I also ordered a press pot of the La Montana El Savadorian. I wasn’t surprised by the quality since it is clearly labeled as a #1 Cup of Excellence coffee, but it was delicious. It was light and delicate with a moderate amount of acidity and lots of floral notes. I could see it going down well in the early afternoon on a warm day, instead of a good glass of iced tea. Sadly, most of this farmer’s (Raul Ochoa) crop was wiped out in a recent wind storm. Coffee Klatch was donating $1/pot to help him recover from this disaster. Good coffee and a good cause – you can’t beat that.

What’s so disappointing? Here’s my list:

  • Most of the beans for sale, at both cafes, were not particularly fresh. It was not uncommon to see beans in the 1-2 week roast range and many were in the 2-4 week range. I even saw a small number of bags, including a few of the pricier beans, that were over a month old.
  • At least two of the milk-based drinks my family ordered had scalded milk, big pieces of skin – a bad sign for sure. My barista brother schooled me on these and other horrors of reheated milk.
  • The crew at both cafes were enthusiastic, hard-working and tried to be helpful, yet they didn’t seem particularly confident in the way things worked. They didn’t seem to know that much about their espresso machines and weren’t sure about which of their Columbian coffees was the one that had received a 94 from Ken Davids (it’s clearly marked as such on the website but I had forgotten the name at the time).
  • Both cafes seem a little tired and in need of a facelift. I guess there’s something to be said for the fact that they’ve been around for so long, but such good coffee deserves a fancier showroom.

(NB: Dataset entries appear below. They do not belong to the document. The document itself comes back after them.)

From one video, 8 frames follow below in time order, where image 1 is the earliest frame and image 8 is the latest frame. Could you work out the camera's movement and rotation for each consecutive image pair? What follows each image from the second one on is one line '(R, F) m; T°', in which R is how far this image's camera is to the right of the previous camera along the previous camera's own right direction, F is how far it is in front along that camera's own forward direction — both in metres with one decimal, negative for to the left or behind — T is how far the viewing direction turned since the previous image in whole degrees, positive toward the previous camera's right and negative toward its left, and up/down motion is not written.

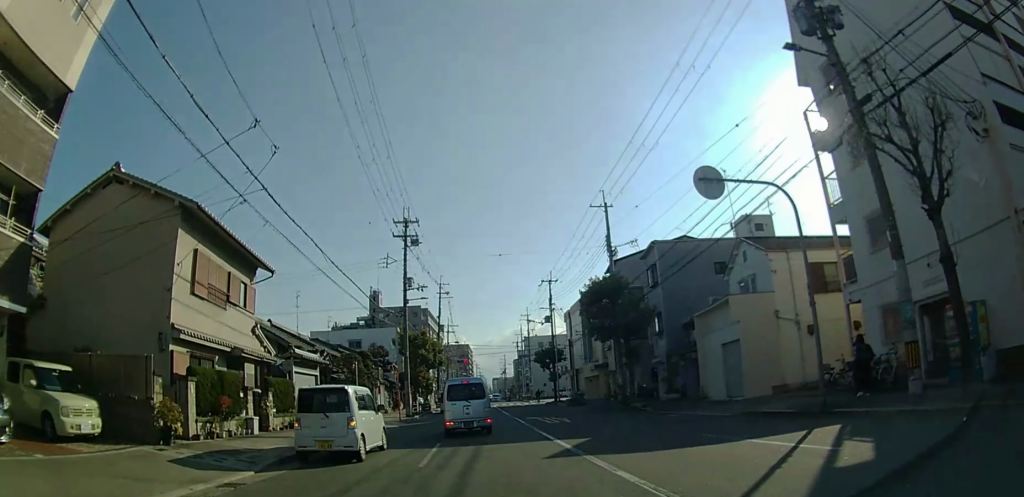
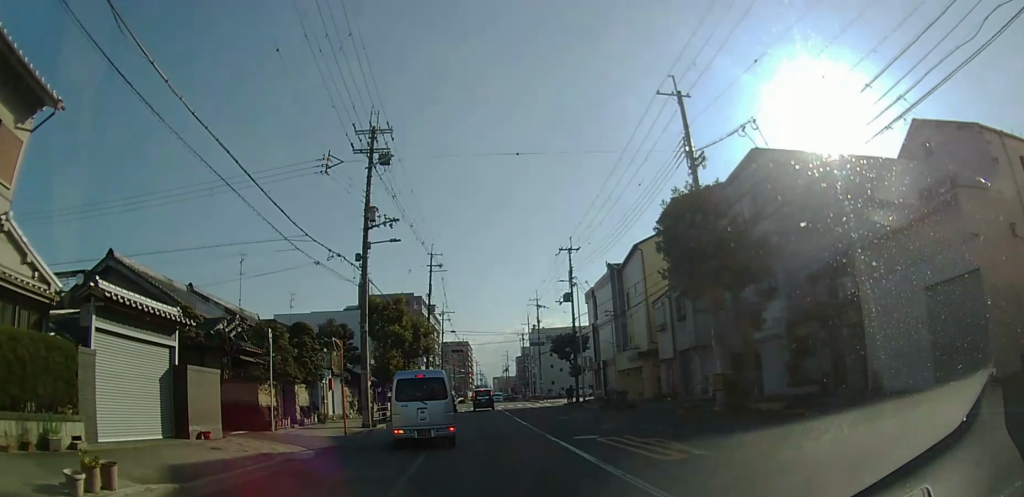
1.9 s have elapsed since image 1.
(0.0, +13.0) m; 0°
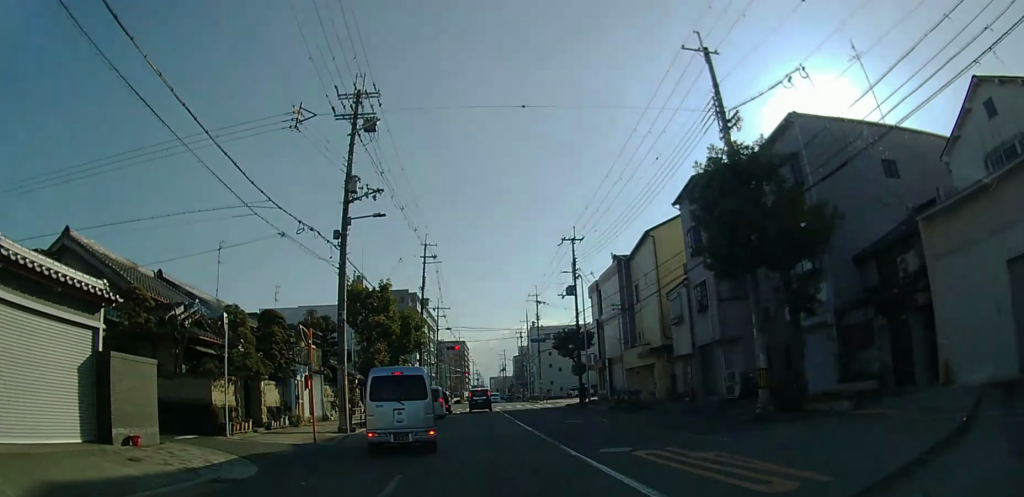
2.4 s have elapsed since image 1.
(0.0, +3.1) m; 0°
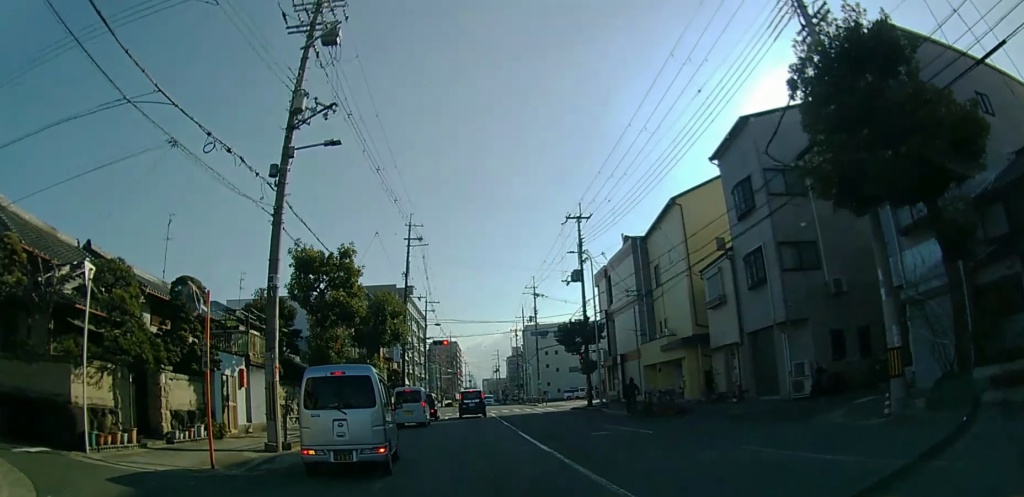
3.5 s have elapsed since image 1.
(0.0, +6.3) m; 0°
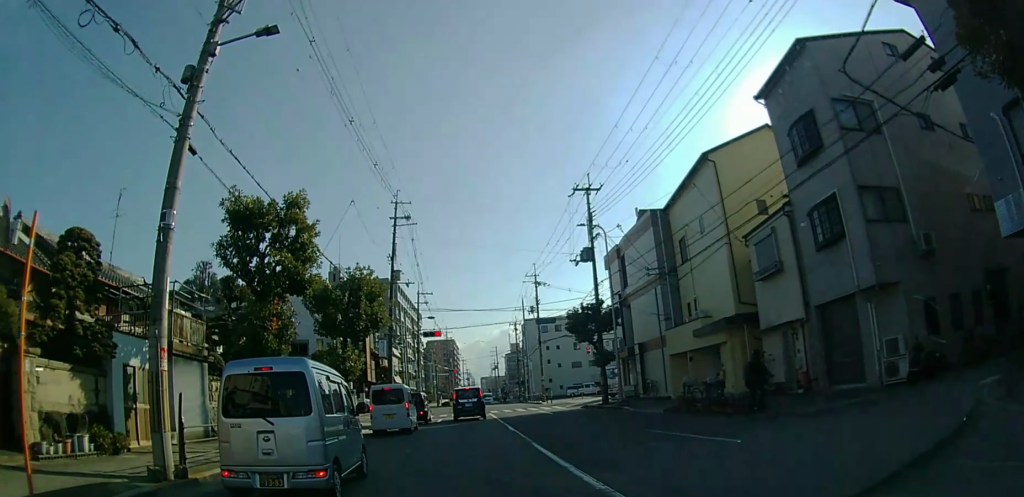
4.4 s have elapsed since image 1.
(0.0, +5.2) m; 0°
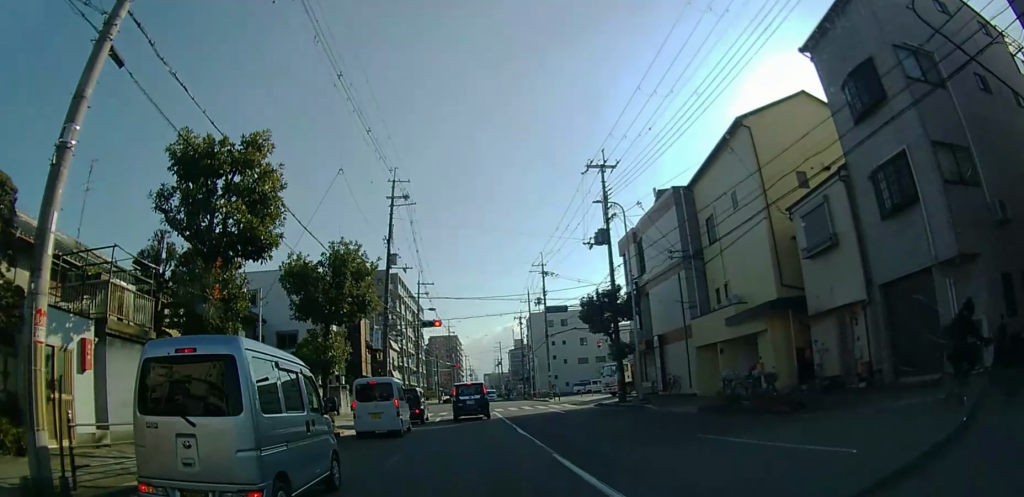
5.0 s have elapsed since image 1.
(0.0, +3.3) m; 0°
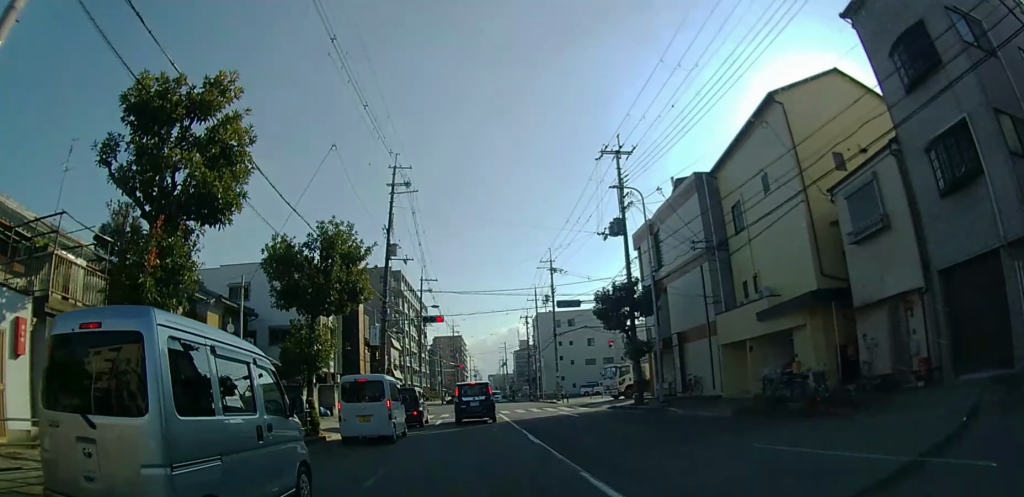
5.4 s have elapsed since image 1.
(0.0, +2.2) m; 0°
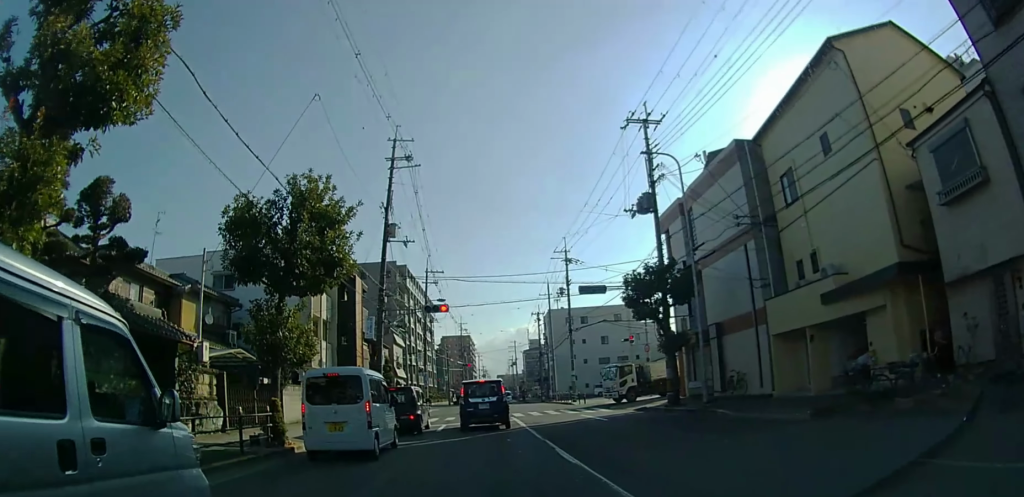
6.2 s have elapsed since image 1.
(0.0, +3.8) m; 0°

I realize that cafes are a difficult businesses to run, especially in places like San Dimas or Rancho Cucamonga. Finding talented, hard working baristas with a commitment to coffee is, no doubt, hard enough, and keeping them must be even harder. The good ones simply head further into L.A. the first chance they get. While some of Coffee Klatch’s clientèle probably do know good coffee, I imagine a lot of their customers have Starbucks as their closest reference point.

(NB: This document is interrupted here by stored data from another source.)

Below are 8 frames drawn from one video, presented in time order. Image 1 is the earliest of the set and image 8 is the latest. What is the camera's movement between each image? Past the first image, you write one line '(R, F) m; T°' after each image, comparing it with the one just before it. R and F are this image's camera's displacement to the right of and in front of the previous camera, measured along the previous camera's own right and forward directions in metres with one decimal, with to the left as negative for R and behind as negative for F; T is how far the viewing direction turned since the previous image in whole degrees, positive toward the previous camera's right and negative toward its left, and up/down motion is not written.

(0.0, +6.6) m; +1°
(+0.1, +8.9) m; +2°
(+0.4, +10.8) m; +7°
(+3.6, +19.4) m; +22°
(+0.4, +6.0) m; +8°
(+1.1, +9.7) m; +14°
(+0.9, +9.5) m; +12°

A café owner in Mike and Heather’s geographic location who wants to be known for good coffee has to make a choice: run a café with a split personality and likely succeed or strive for unadulterated artisan coffee-making and likely go under. Mike and Heather have chosen a wise path. They’ve focused on roasting and shipping high quality coffee the world over, using the prestige garnered from barista championships to ensure their place amongst coffee’s elite. Nevertheless, it would still be nice to see them pursue option two, perhaps in a geographic area where there’s a demand for a more upscale establishment.

The bottom line is that Coffee Klatch’s reputation for coffee is no less than you’ve read. It’s certainly worthy of stopping by one of their cafes if you happen to live there or happen to be visiting or happen to be coming into the Ontario airport. If only I knew that Heather Perry would be making my espresso in person, I’d fly down there on a regular basis, but sadly, she’s not behind the counter too much seeing as she has more compelling and exciting things to do. That said, the café is not worth a 30-minute journey when there are so many other equally enthralling coffee options in the greater LA area. Either check when Heather Perry will be around or save the gas money and order Coffee Klatch’s beans online.